Doğum sonrası ilk dakikalarda gerektiğinde uygulanan bu yardım resusitasyon (canlandırma) olarak isimlendirilir. Ülkemizde son 10 yılda sayıları onbinlere varan sağlık personeli (doktor, hemşire, sağlık teknisyeni) profesyonel ekipler tarafından eğitilmiştir, ve eğitilmeye devam etmektedir. Anne babalara bu konuda düşen görev, doğum yapacakları hastanede bu ekipman ve personelin varlığını sorgulamaktır.

Doğumla beraber bebekte beklenen en önemli değişiklik bebeğin gereksinimi olan oksijeni nefes alıp vererek kendi akciğerleriyle sağlaması ve bunu kalp ve damarlarıyla tüm vücuduna aktarmasıdır. Bebeğin bu aşamayı başararak yeni yaşamına uyum sağladığının en önemli göstergesi de tüm cildin parmak uçlarına kadar pembe renge dönüşmesidir. Bebek anne vücudundan ayrıldığında tüm vücudu mor renklidir ve ilerleyen birkaç dakika içerisinde kalp ve akciğerlerinin uyumlu çalışması sonucu oksijen vücudun her noktasına ulaşır ve pembeleşir. Herhangi bir nedenle dokulara yeterli oksijenin sağlanamaması özellikle beyin, kalp ve böbrekler gibi yaşamsal oranlarda kalıcı hasarlara neden olabilir.

Doğum sonrası ilk dakikalarda yaşama uyum sürecini nümerik olarak değerlendiren yöntem APGAR skorlaması olarak isimlendirilir. İsmini skorlama sistemini geliştiren Virginia Apgar isimli doktordan almaktadır. APGAR skorlaması 1,5 ve 10. dakikalarda yapılır ve 10 üzerinden değerlendirilir. Solunum, kalp atım hızı, renk, kas tonusu ve uyarılara refleks yanıtın her biri iki tam puan üzerinden değerlendirilir . APGAR skorlama sistemi bebeğin dış yaşam uyum başarısını gösteren oldukça objektif bir tanımlamadır. Onuncu dakikada 8 ve üstü değerler normal kabul edilir.
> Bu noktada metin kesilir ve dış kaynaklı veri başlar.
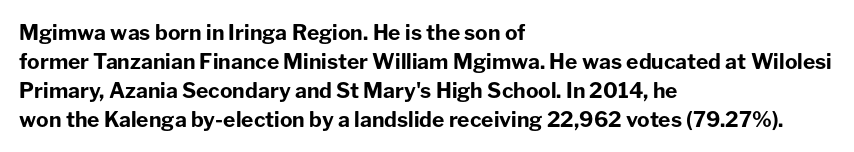
{"italic": "no", "bold": "yes", "underline": "no", "align": "left", "line_spacing": "normal", "line_spacing_ratio": 1.38, "letter_spacing": "normal", "letter_spacing_em": 0.0, "glyph_px": 21}
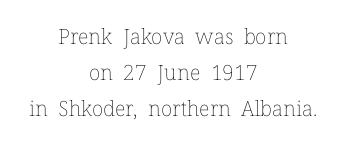
Which margin do the lines hug? Neither — every line sits in the middle. This rendering leaves character spacing at its baseline value. This reads as an unemphasized weight, regular at the heaviest. Vertical strokes here are truly vertical. The foot of each line stays bare and open.
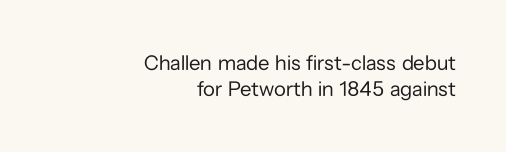
Characters follow at the spacing the type designer built in. Compared with a typical body face, this is equally light or lighter still. A roman cut, with each character standing at attention. Unmarked baselines from the first word to the last.
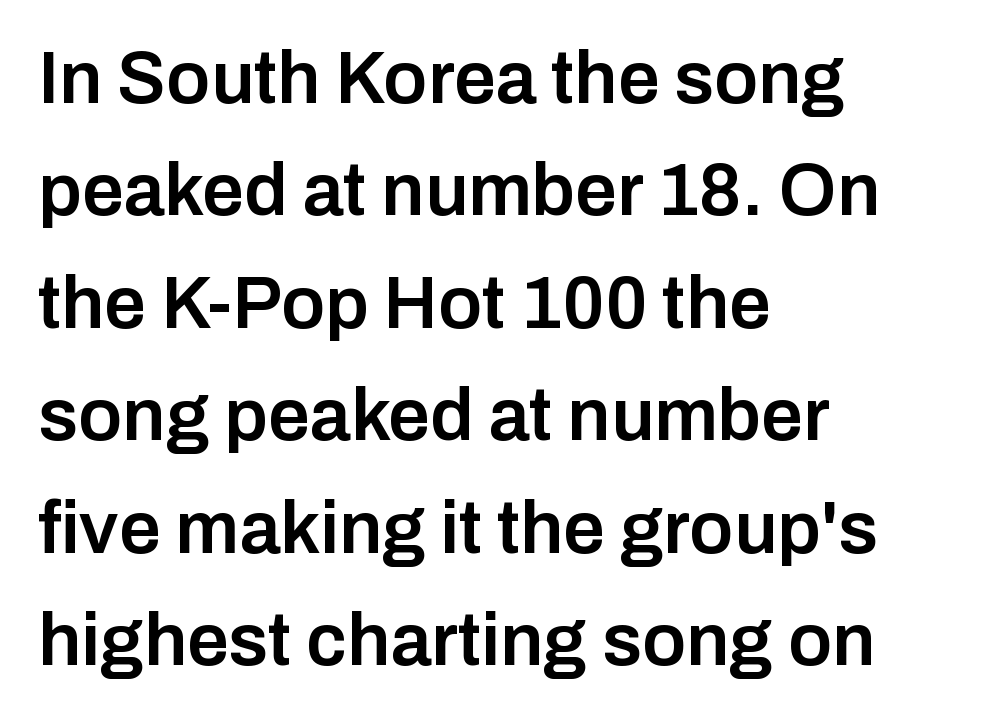
{"serif": "no", "italic": "no", "bold": "semi", "weight": "semibold", "width": "normal", "stroke_contrast": "low", "x_height": "medium", "monospaced": "no", "underline": "no", "align": "left", "line_spacing": "normal", "line_spacing_ratio": 1.52, "letter_spacing": "normal", "letter_spacing_em": 0.0, "glyph_px": 74}

Bunun altındaki değerler sağlıklı yaşam ile bağdaşmadığından bu skora ulaşıncaya kadar bebeğe uygun alet donanımıyla yaşama uyum desteğine devam edilmelidir.

APGAR SKORU

0 1 2
Solunum yok yetersiz var
Kalp atım hızı YOK <100/dk >100/dk
Renk yaygın siyanoz uçlarda siyanoz pembe
Tonus hareketsiz hipotoni iyi
Uyarıya yanıt yok yetersiz iyi

Apgar skorlaması değişik koşullarda yanıltıcı olabilir. Annenin aldığı bazı ilaçlar bebeğin tonusunu, kalp atım hızını ve uyarıya yanıtını etkileyebilir. Doğuştan bazı hastalıklar da APGAR skorunu olumsuz etkileyebilir. Bu nedenle düşük APGAR skorlu bebeklerde aile öyküsü ve bebeğin muayenesi olası diğer nedenlerin saptanmasına yardımcı olabilir.
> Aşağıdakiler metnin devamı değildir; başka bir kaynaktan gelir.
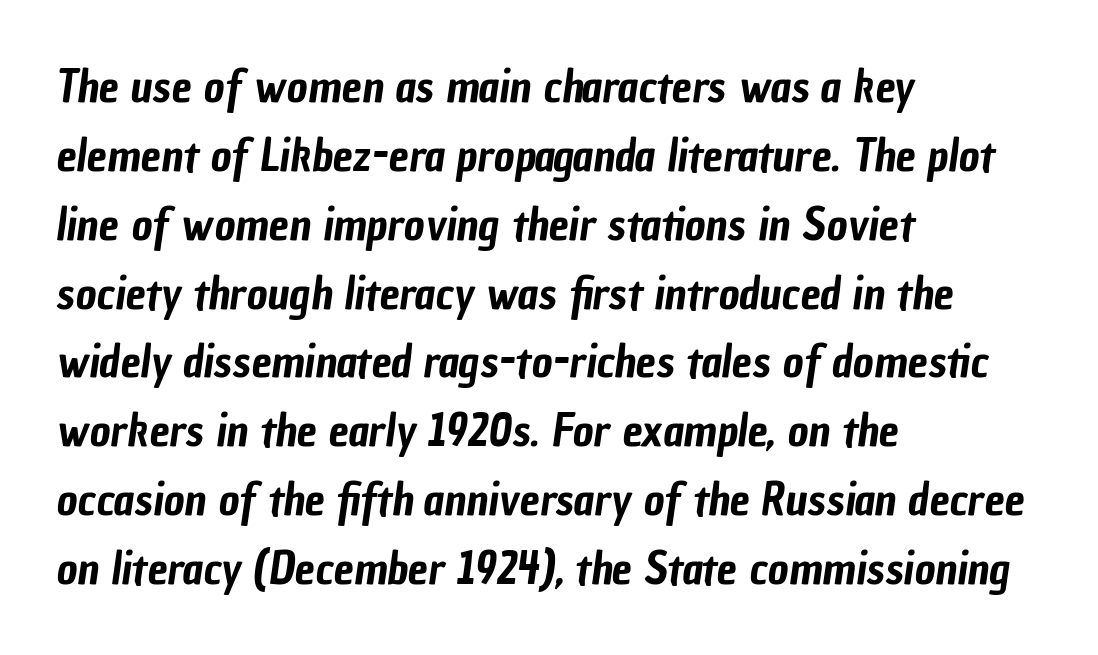
Q: Is the typeface a serif or a sans-serif typeface? A: Sans-serif.
Q: Is the text underlined? A: No.
Q: How is the paragraph aligned? A: Left-aligned.
Q: Is the spacing between letters normal or unusually wide? A: Normal.
Q: Is the spacing between lines tight, normal or loose? A: Normal.
Q: Width (condensed, normal, or wide)? A: Condensed.
Q: Stroke contrast? A: Low.
Q: x-height? A: Medium.
Q: Monospaced? A: No.

Apgar skorunun 5. Dakikadan sonra bile yedinin altında olması veya skorun çok geç (20 dakikadan sonra) 8-10 arasına yükselmesi bebeğin dış ortama uyumunda ciddi sorunları olduğunu ve olası nedenin yaşamsal organların (beyin kalp ve akciğer) olumsuz etkilendiği ve ileriye dönük kalıcı hasarlar olabileceğini gösterir. Spastik bebek dediğimiz sorunlu çocukların önemli bir kısmı bu duruma örnek olabilir.
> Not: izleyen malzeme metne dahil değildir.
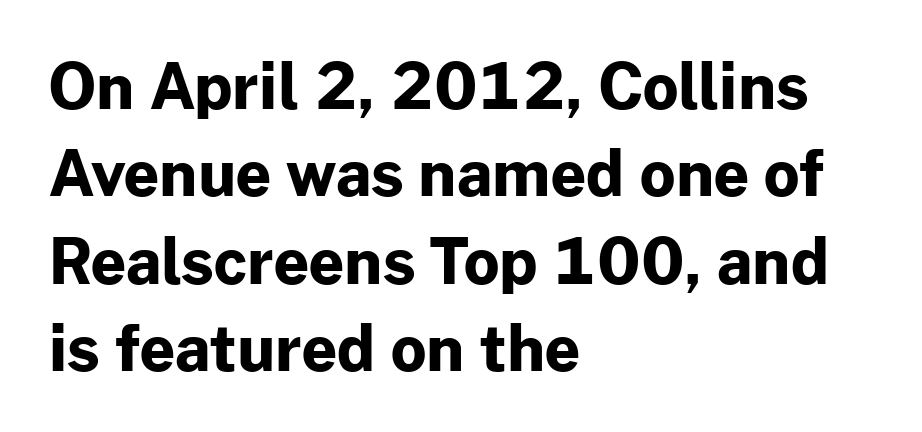
One glance says typical: line gaps are just what's usual. Italic? Not at all — the glyphs are vertical. The rendering uses natural spacing where letterforms have individual widths. Descenders hang freely into open space. Nope, no serifs anywhere on these letters. Letter spacing: default.
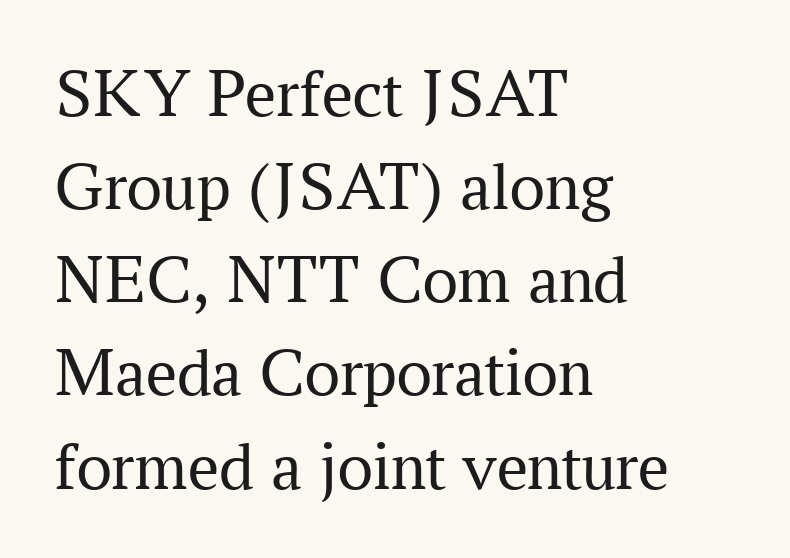
Vertical stems look standard width or narrower in stroke. This sample has the flowing, uneven cadence of proportional lettering. Reading down the column, the eye jumps a familiar distance to each next line. The compositor pushed each line to the left boundary.

Doğum anında deneyimli bir ekibin olması olası düşük APGAR ile doğabilecek çocukların dış ortama uyumunda sağlayacağı katkı kaçınılmazdır. Bu nedenle tüm doğumların uygun yardımın sağlanacağı koşullarda yapılması bebeğin sağlıklı büyüme ve gelişimi için şarttır.